In theory, you can eliminate throw by hitting with full follow (natural roll on the cueball) or full draw at a medium speed of 7-8 mph. For reference, lag speed is about 5 mph on a 9' table. You don't actually elimintate throw, but what little you get is itself almost completely cancelled by something else. And this, by coincidence, happens at all cut angles. It'll provide a baseline or "nominal" case from which you can then see the effects of different cueball spins and speeds more clearly.


12-24-2006, 02:10 PM
I karnt see how most of the trainers that i hear about could help anyone much.
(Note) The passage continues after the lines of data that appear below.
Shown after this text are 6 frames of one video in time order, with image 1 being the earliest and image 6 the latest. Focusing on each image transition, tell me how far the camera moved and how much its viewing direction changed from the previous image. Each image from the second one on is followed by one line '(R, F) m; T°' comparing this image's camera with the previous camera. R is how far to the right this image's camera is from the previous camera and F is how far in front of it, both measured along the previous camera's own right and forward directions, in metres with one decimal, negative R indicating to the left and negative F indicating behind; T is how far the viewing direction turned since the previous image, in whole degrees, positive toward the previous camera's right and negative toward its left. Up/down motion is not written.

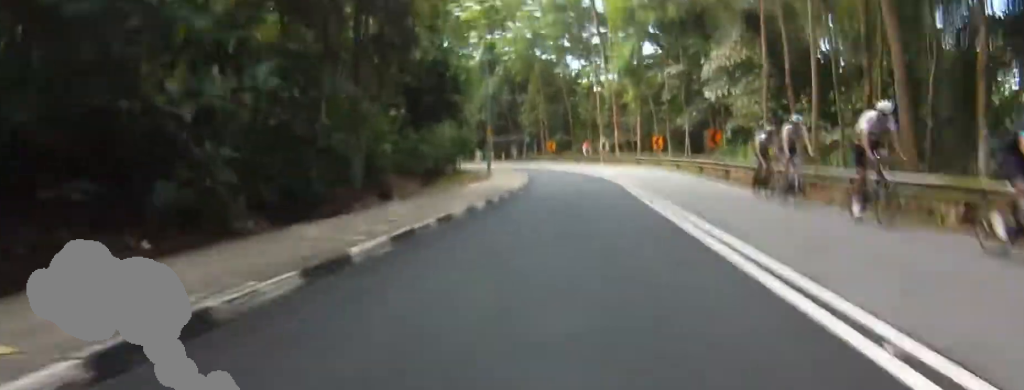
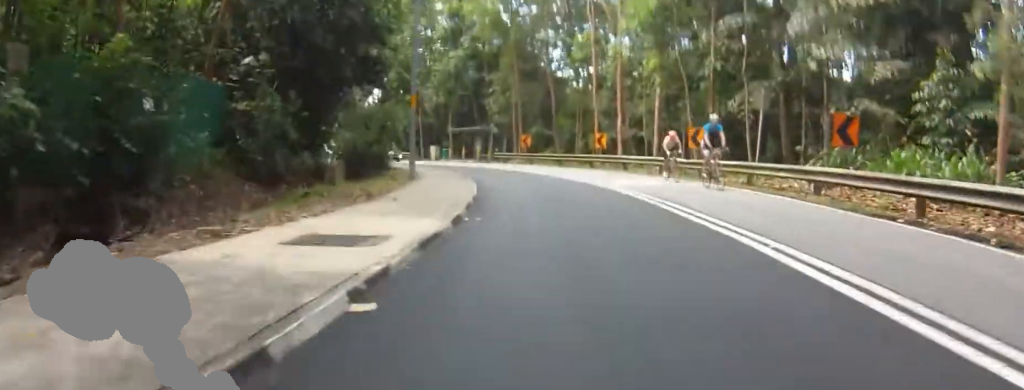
(+1.3, +12.5) m; +14°
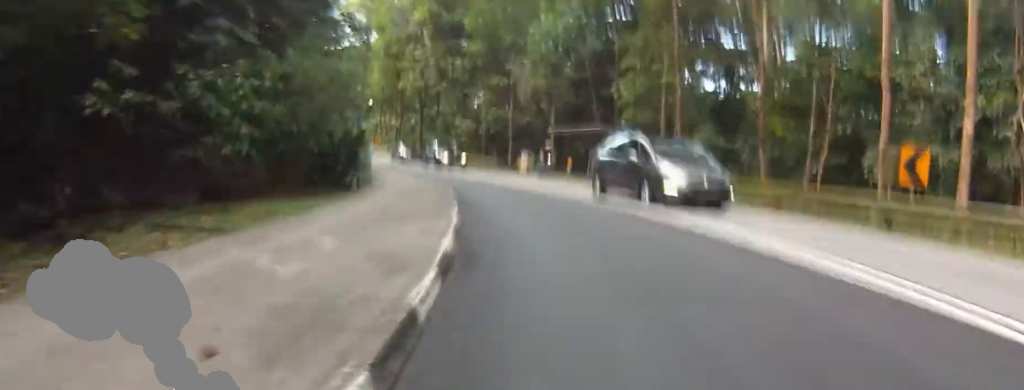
(+1.0, +17.5) m; +1°
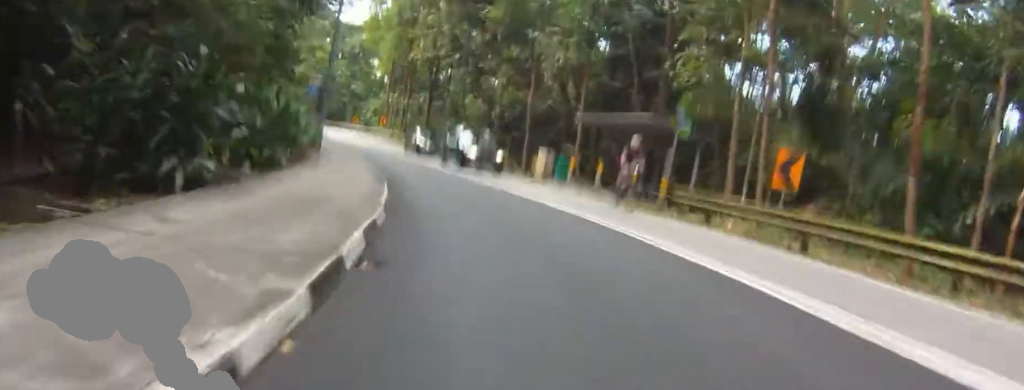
(-0.1, +5.3) m; +4°
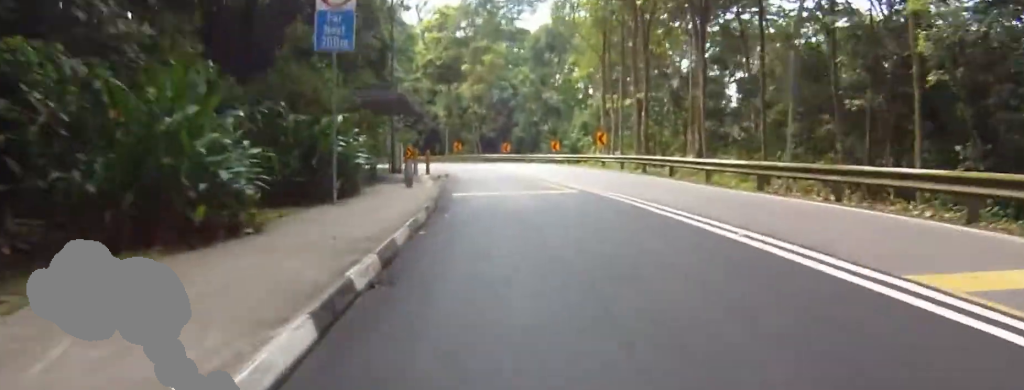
(-0.4, +19.5) m; -14°
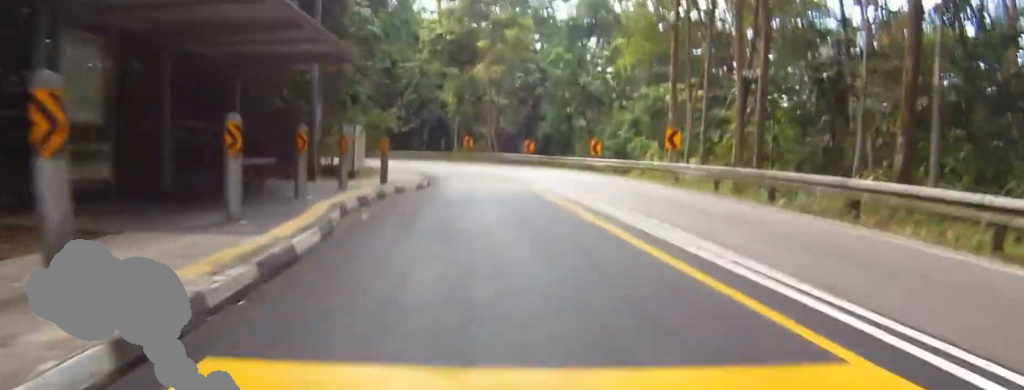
(+1.8, +9.5) m; +9°

I like what Q and Jim said. And i could add a few thorts of my own.

Pace. U will find that the speed of the impact affects the angle (less friction and hence less throw at higher speed).

Left n Right. U will find that the natural halfball pot to the left will look a different angle to the natural angle to the right (koz of faulty perception) -- and, koz, for another thing, it probably iz different (due to bad cueing).

Range. The seperation between qball and OB, and the range from the OB to the pocket, will affect the percieved angle, and the actual angle probably (due to faulty perception and faulty cueing).

So, there are at least 8 or 16 sets of half ball angles to be remembered. And this is just for yor balls on yor table with yor lighting. Gets worse. madMac.

12-27-2006, 09:10 AM
The only value I see from any training device is a source of income for the endorser or manufacturer. In essence the training device uses the method of repetition and that can be accomplished without the training device.

12-27-2006, 04:22 PM
I would disagree with the above, as I think that knowing the aiming point improves one's ability to recognize it when the device is not used.

Regardless of your thoughts on devices in general, at 75 cents, you aren't getting swindled. Especially if you like to keep some spare plumbing parts around.